§ MATERIAL SUPPLIED
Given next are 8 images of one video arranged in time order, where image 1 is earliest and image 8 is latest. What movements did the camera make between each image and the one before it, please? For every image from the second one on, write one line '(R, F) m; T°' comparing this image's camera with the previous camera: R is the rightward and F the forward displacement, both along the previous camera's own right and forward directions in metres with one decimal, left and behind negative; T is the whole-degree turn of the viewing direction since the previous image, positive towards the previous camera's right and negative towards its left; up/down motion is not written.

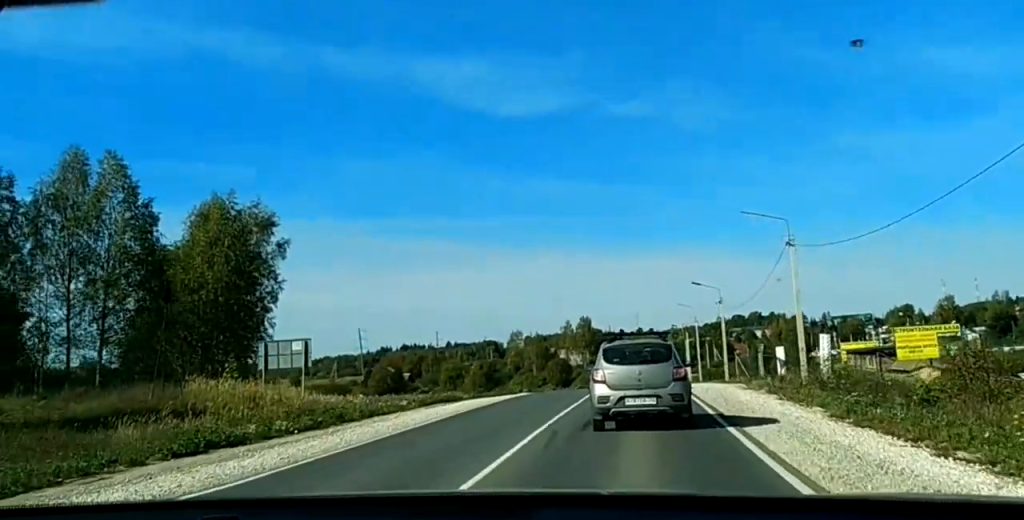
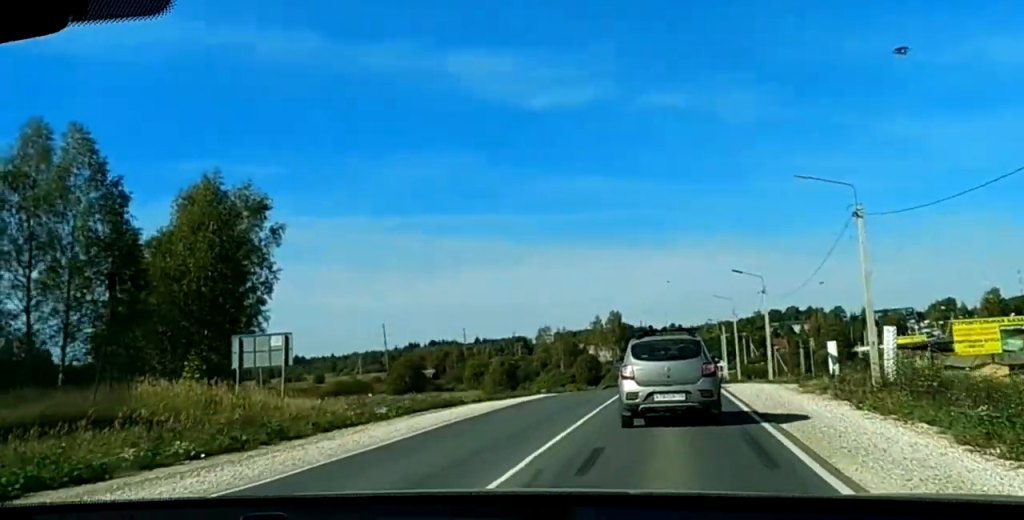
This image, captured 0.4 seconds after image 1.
(+0.2, +6.8) m; 0°
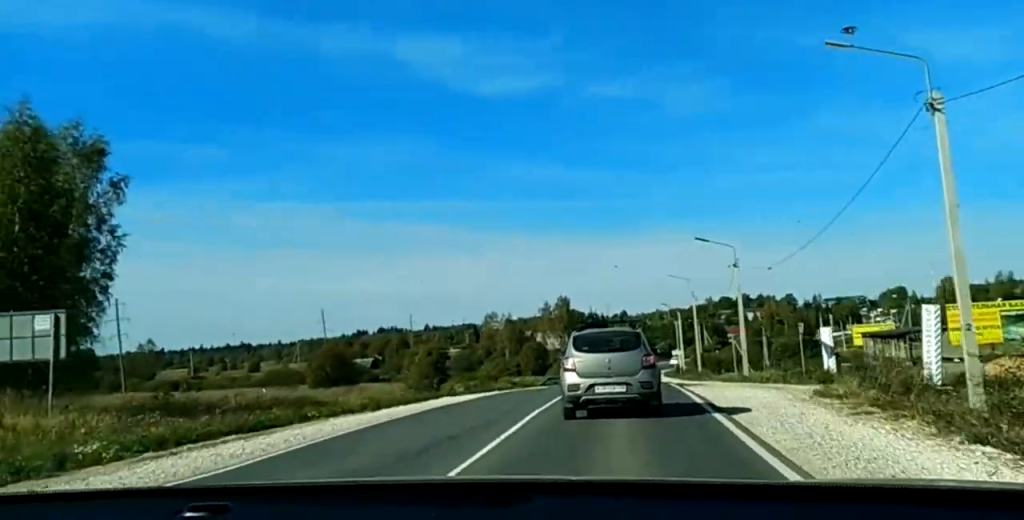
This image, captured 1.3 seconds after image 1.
(+0.3, +13.8) m; -1°
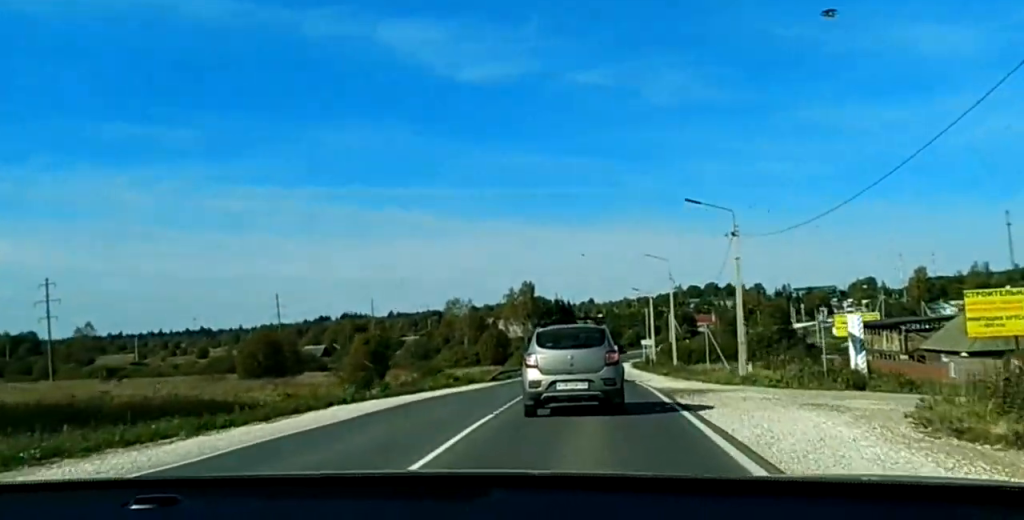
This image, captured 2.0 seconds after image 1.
(-0.4, +11.5) m; -1°
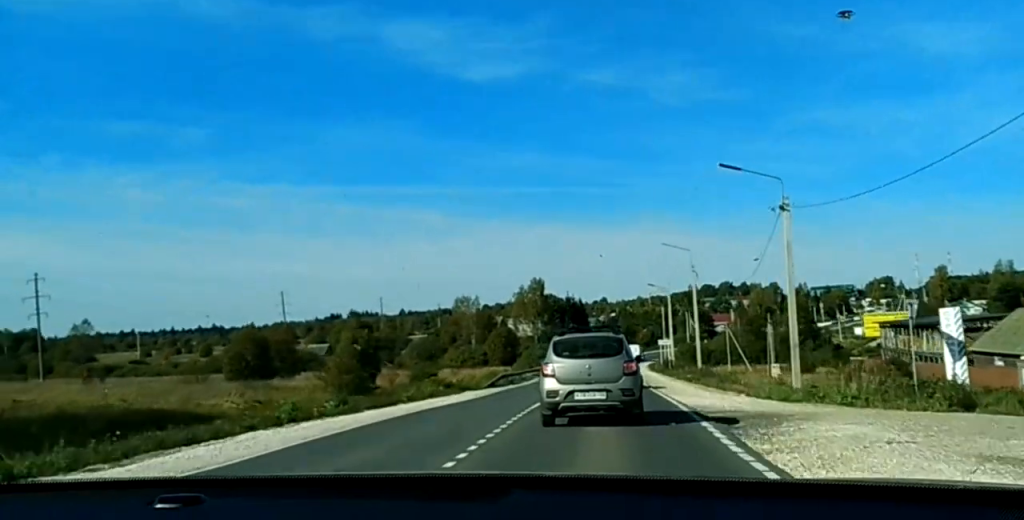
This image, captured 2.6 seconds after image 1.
(+0.1, +8.3) m; 0°
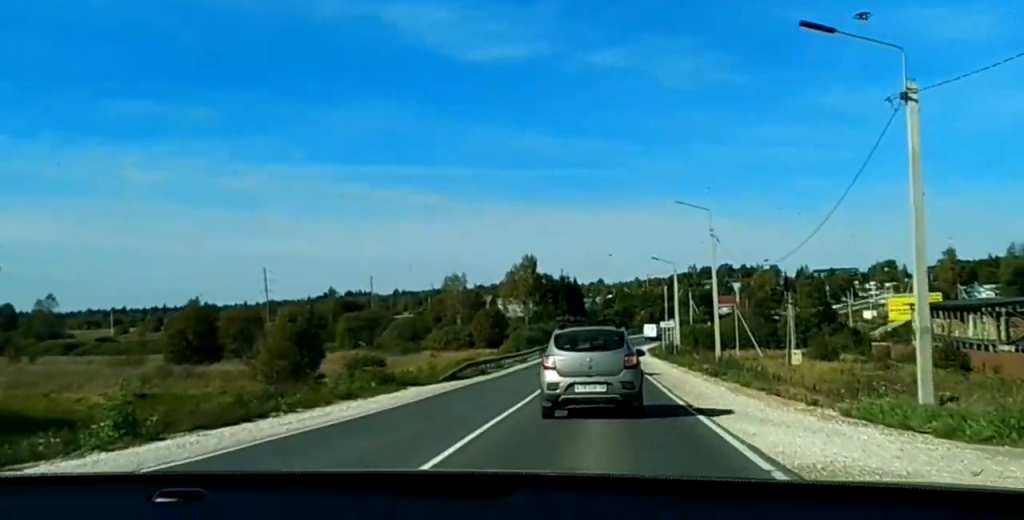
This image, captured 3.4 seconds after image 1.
(+0.1, +14.0) m; 0°
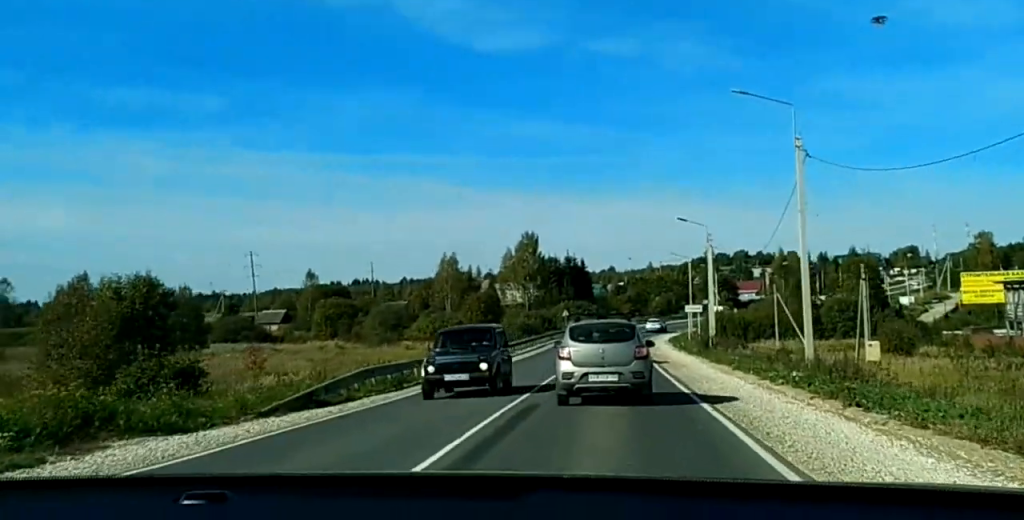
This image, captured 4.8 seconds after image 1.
(-0.1, +22.0) m; 0°
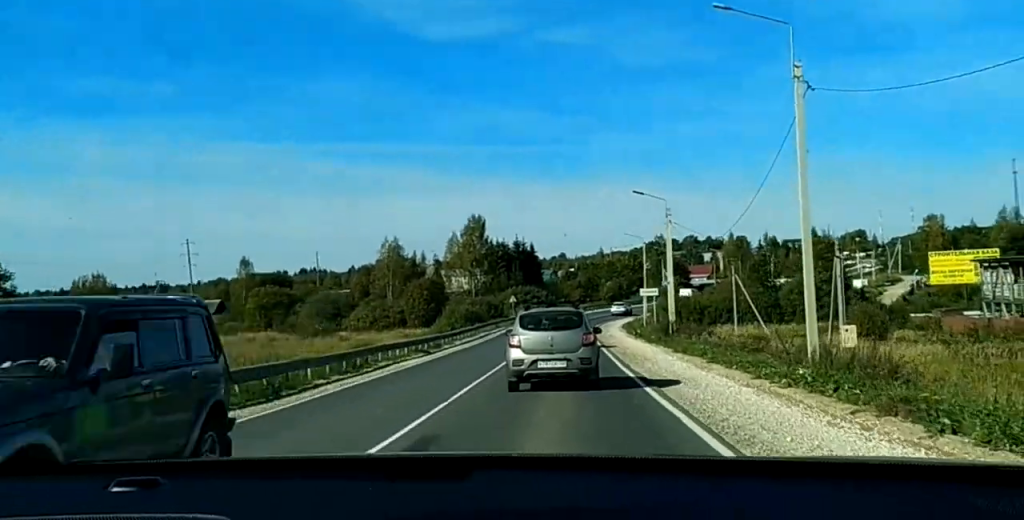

§ WORK TASK
Write out each entry exactly, images excluded.

§ PROBLEM SOLUTION
Given next are 8 images of one video arranged in time order, where image 1 is earliest and image 8 is latest. What movements did the camera make between each image and the one before it, please? For every image from the second one on, write one line '(R, F) m; T°' comparing this image's camera with the previous camera: R is the rightward and F the forward displacement, both along the previous camera's own right and forward directions in metres with one decimal, left and behind negative; T is the whole-degree turn of the viewing direction since the previous image, positive towards the previous camera's right and negative towards its left; up/down motion is not written.

This image, captured 0.4 seconds after image 1.
(+0.2, +6.8) m; 0°
This image, captured 1.3 seconds after image 1.
(+0.3, +13.8) m; -1°
This image, captured 2.0 seconds after image 1.
(-0.4, +11.5) m; -1°
This image, captured 2.6 seconds after image 1.
(+0.1, +8.3) m; 0°
This image, captured 3.4 seconds after image 1.
(+0.1, +14.0) m; 0°
This image, captured 4.8 seconds after image 1.
(-0.1, +22.0) m; 0°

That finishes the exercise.